Delta Lake extension
The delta
extension adds support for scanning/copying from the Delta Lake format
.
Delta Lake is an open-source storage framework that enables building a format-agnostic lakehouse architecture.
Using this extension, you can interact with Delta tables directly within Kuzu using the LOAD FROM
and COPY FROM
clauses.
Usage
INSTALL DELTA;LOAD DELTA;
Example dataset
Let’s create a Delta table containing student information using Python and save the Delta table in the '/tmp/student'
directory:
pip install deltalake pandas
import pandas as pdfrom deltalake import DeltaTable, write_deltalake
student = { "name": ["Alice", "Bob", "Carol"], "ID": [0, 3, 7]}
write_deltalake(f"/tmp/student", pd.DataFrame.from_dict(student))
Scan Delta tables
LOAD FROM
is a Cypher clause that scans a file or object element by element, but doesn’t actually
copy the data into a Kuzu table.
To scan the Delta table created above, you can do the following:
LOAD FROM '/tmp/student' (file_format='delta') RETURN *;
┌────────┬───────┐│ name │ ID ││ STRING │ INT64 │├────────┼───────┤│ Alice │ 0 ││ Bob │ 3 ││ Carol │ 7 │└────────┴───────┘
Copy Delta tables into Kuzu
You can use a COPY FROM
statement to copy the contents of a Delta table into Kuzu.

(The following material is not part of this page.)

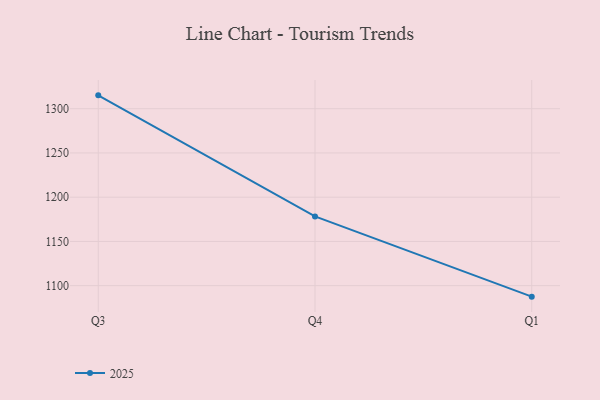
{"axis": {"x": "Quarter", "y": "Population (Million)"}, "legend": ["2025"], "data": [{"x": "Q3", "y": 1315.1, "type": "2025"}, {"x": "Q4", "y": 1178.3, "type": "2025"}, {"x": "Q1", "y": 1087.6, "type": "2025"}]}

CREATE NODE TABLE student (ID INT64 PRIMARY KEY, name STRING);COPY student FROM '/tmp/student' (file_format='delta');
┌─────────────────────────────────────────────────┐│ result ││ STRING │├─────────────────────────────────────────────────┤│ 3 tuples have been copied to the student table. │└─────────────────────────────────────────────────┘
Access Delta tables hosted on S3
Kuzu also supports scanning and copying Delta tables hosted on S3.

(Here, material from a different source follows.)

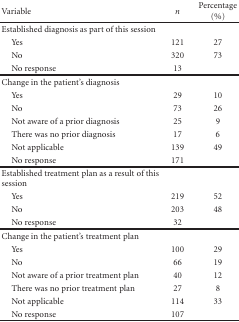
<table><thead><tr><td><b>Variable</b></td><td><b><i>n</i></b></td><td><b>Percentage (%)</b></td></tr></thead><tbody><tr><td>Established diagnosis as part of this session</td><td></td><td></td></tr><tr><td> Yes</td><td>121</td><td>27</td></tr><tr><td> No</td><td>320</td><td>73</td></tr><tr><td> No response</td><td> 13</td><td></td></tr><tr><td>Change in the patient&#x27;s diagnosis</td><td></td><td></td></tr><tr><td> Yes</td><td> 29</td><td> 10</td></tr><tr><td> No</td><td> 73</td><td> 26</td></tr><tr><td> Not aware of a prior diagnosis</td><td> 25</td><td> 9</td></tr><tr><td> There was no prior diagnosis</td><td> 17</td><td>6</td></tr><tr><td> Not applicable</td><td> 139</td><td> 49</td></tr><tr><td> No response</td><td> 171</td><td></td></tr><tr><td>Established treatment plan as a result of this session</td><td></td><td></td></tr><tr><td> Yes</td><td> 219</td><td> 52</td></tr><tr><td> No</td><td> 203</td><td> 48</td></tr><tr><td> No response</td><td> 32</td><td></td></tr><tr><td>Change in the patient&#x27;s treatment plan</td><td></td><td></td></tr><tr><td> Yes</td><td> 100</td><td> 29</td></tr><tr><td> No</td><td> 66</td><td> 19</td></tr><tr><td> Not aware of a prior treatment plan</td><td>40</td><td> 12</td></tr><tr><td> There was no prior treatment plan</td><td> 27</td><td> 8</td></tr><tr><td> Not applicable</td><td> 114</td><td> 33</td></tr><tr><td> No response</td><td> 107</td><td></td></tr></tbody></table>

Configure the S3 connection
Before reading and writing from S3, you have to configure the connection using a CALL statement.

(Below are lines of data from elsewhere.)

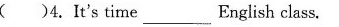
( )4.It's time English class.
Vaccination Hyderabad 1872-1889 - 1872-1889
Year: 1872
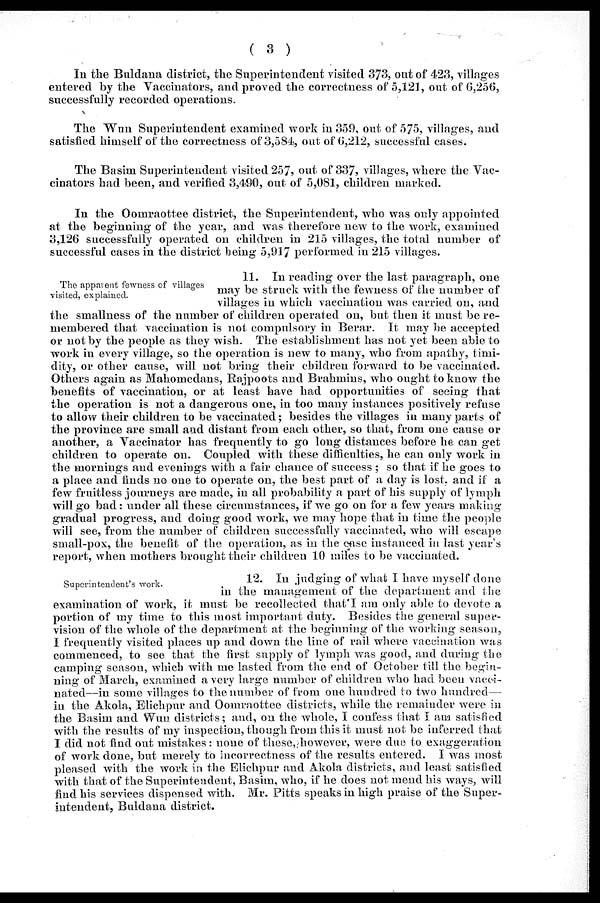
( 3 )
In the Buldana district, the Superintendent visited 373, out of 423, villages
entered by the Vaccinators, and proved the correctness of 5,121, out of 6,256,
successfully recorded operations.
The Wun Superintendent examined work in 359, out of 575, villages, and
satisfied himself of the correctness of 3,584, out of 6,212, successful cases.
The Basim Superintendent visited 257, out of 337, villages, where the Vac-
cinators had been, and verified 3,490, out of 5,081, children marked.
In the Oomraottee district, the Superintendent, who was only appointed
at the beginning of the year, and was therefore new to the work, examined
3,126 successfully operated on children in 215 villages, the total number of
successful cases in the district being 5,917 performed in 215 villages.
The apparent fewness of villages
visited, explained.
11. In reading over the last paragraph, one
may be struck with the fewness of the number of
villages in which vaccination was carried on, and
the smallness of the number of children operated on, but then it must be re-
membered that vaccination is not compulsory in Berar. It may be accepted
or not by the people as they wish. The establishment has not yet been able to
work in every village, so the operation is new to many, who from apathy, timi-
dity, or other cause, will not bring their children forward to be vaccinated.
Others again as Mahomedans, Rajpoots and Brahmins, who ought to know the
benefits of vaccination, or at least have had opportunities of seeing that
the operation is not a dangerous one, in too many instances positively refuse
to allow their children to be vaccinated; besides the villages in many parts of
the province are small and distant from each other, so that, from one cause or
another, a Vaccinator has frequently to go long distances before he can get
children to operate on. Coupled with these difficulties, he can only work in
the mornings and evenings with a fair chance of success ; so that if he goes to
a place and finds no one to operate on, the best part of a day is lost, and if a
few fruitless journeys are made, in all probability a part of his supply of lymph
will go bad: under all these circumstances, if we go on for a few years making
gradual progress, and doing good work, we may hope that in time the people
will see, from the number of children successfully vaccinated, who will escape
small-pox, the benefit of the operation, as in the case instanced in last year's
report, when mothers brought their children 10 miles to be vaccinated.
Superintendent's work.
12. In judging of what I have myself done
in the management of the department and the
examination of work, it must be recollected that I am only able to devote a
portion of my time to this most important duty. Besides the general super-
vision of the whole of the department at the beginning of the working season,
I frequently visited places up and down the line of rail where vaccination was
commenced, to see that the first supply of lymph was good, and during the
camping season, which with me lasted from the end of October till the begin¬
ning of March, examined a very large number of children who had been vacci-
nated—in some villages to the number of from one hundred to two hundred—
in the Akola, Elichpur and Oomraottee districts, while the remainder were in
the Basim and Wun districts; and, on the whole, I confess that I am satisfied
with the results of my inspection, though from this it must not be inferred that
I did not find out mistakes: none of these, however, were due to exaggeration
of work done, but merely to incorrectness of the results entered. I was most
pleased with the work in the Elichpur and Akola districts, and least satisfied
with that of the Superintendent, Basim, who, if he does not mend his ways, will
find his services dispensed with. Mr. Pitts speaks in high praise of the Super-
intendent, Buldana district.

CALL <option_name>='<option_value>'
The following options are supported:
Option | Description |
---|---|
s3_access_key_id | S3 access key ID |
s3_secret_access_key | S3 secret access key |
s3_endpoint | S3 endpoint |
s3_region | S3 region |
s3_url_style | Uses S3 URL style (should either be vhost or path ) |
Requirements on the S3 server API
Feature | Required S3 API features |
---|---|
Public file reads | HTTP Range request |
Private file reads | Secret key authentication |
Scan Delta tables from S3
LOAD FROM 's3://kuzu-sample/sample-delta' (file_format='delta')RETURN *;
Copy Delta tables from S3 into Kuzu
CREATE NODE TABLE student (ID INT64 PRIMARY KEY, name STRING);COPY student FROM 's3://kuzu-sample/student-delta' (file_format='delta');
Limitations
The delta
extension currently does not support exporting data from Kuzu to Delta files.